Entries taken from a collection
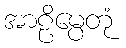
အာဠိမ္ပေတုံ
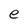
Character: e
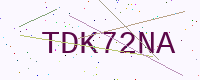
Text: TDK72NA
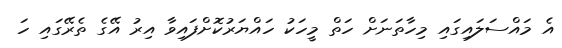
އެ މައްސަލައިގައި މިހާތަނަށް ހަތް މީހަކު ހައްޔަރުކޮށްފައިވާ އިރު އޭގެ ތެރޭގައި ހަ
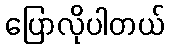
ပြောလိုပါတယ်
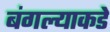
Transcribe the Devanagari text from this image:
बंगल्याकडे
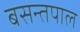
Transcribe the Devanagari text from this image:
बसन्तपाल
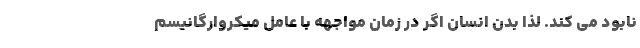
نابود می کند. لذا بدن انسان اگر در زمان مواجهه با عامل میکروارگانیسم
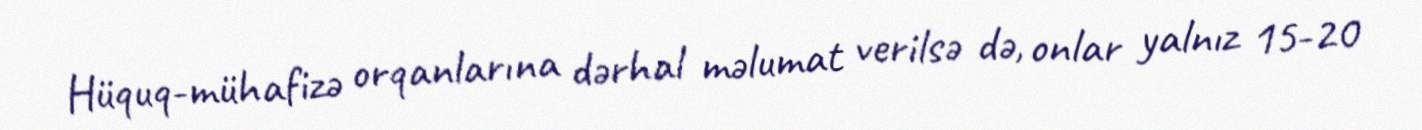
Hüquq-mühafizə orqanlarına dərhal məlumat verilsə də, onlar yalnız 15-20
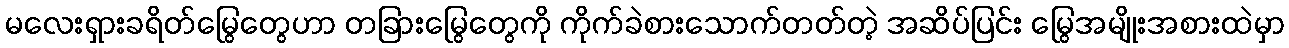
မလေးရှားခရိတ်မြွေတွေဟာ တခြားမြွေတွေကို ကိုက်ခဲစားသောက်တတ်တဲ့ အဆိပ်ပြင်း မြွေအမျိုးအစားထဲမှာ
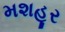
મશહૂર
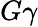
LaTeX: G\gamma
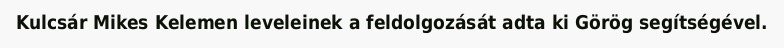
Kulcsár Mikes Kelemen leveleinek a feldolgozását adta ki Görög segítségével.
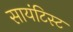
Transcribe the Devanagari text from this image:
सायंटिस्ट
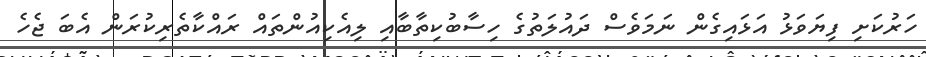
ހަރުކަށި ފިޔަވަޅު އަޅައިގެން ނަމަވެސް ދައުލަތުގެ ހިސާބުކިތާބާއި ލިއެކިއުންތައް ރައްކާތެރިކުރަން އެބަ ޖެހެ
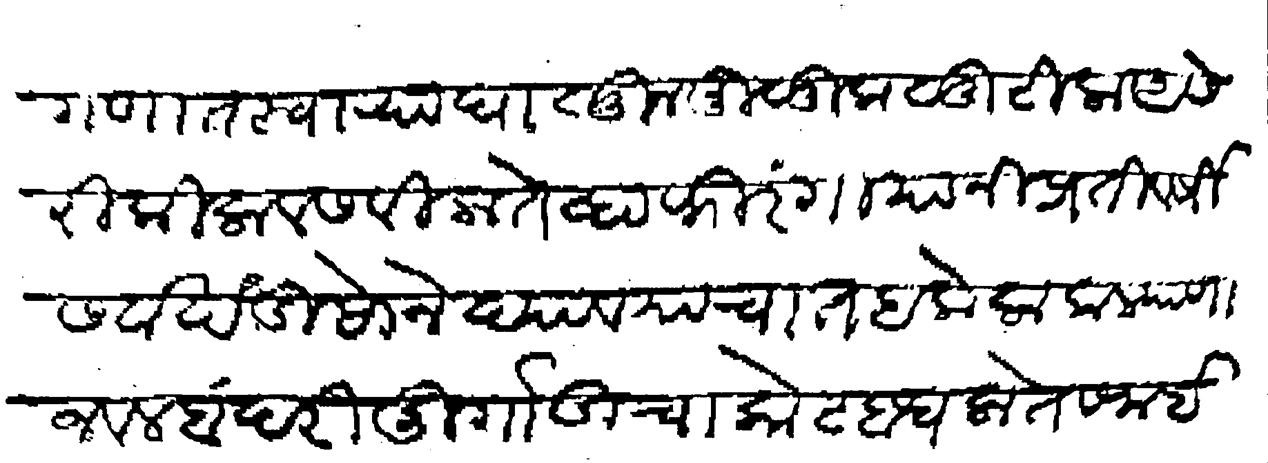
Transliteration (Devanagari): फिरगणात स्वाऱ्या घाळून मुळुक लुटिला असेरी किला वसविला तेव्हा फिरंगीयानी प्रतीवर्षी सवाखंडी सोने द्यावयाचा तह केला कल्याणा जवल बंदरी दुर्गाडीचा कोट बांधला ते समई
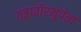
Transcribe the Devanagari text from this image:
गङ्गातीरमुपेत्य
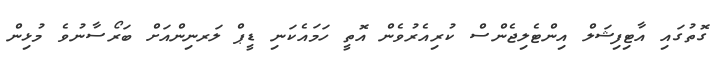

• **What needs to be done**
An exact copy is required of the lines from the one holding "LaTeX: G\gamma" to the end of the entries above, both included; no pictures belong in it.

• **Response to the task**
LaTeX: G\gamma
Kulcsár Mikes Kelemen leveleinek a feldolgozását adta ki Görög segítségével.
Transcribe the Devanagari text from this image:
सायंटिस्ट
ހަރުކަށި ފިޔަވަޅު އަޅައިގެން ނަމަވެސް ދައުލަތުގެ ހިސާބުކިތާބާއި ލިއެކިއުންތައް ރައްކާތެރިކުރަން އެބަ ޖެހެ
Transliteration (Devanagari): फिरगणात स्वाऱ्या घाळून मुळुक लुटिला असेरी किला वसविला तेव्हा फिरंगीयानी प्रतीवर्षी सवाखंडी सोने द्यावयाचा तह केला कल्याणा जवल बंदरी दुर्गाडीचा कोट बांधला ते समई
Transcribe the Devanagari text from this image:
गङ्गातीरमुपेत्य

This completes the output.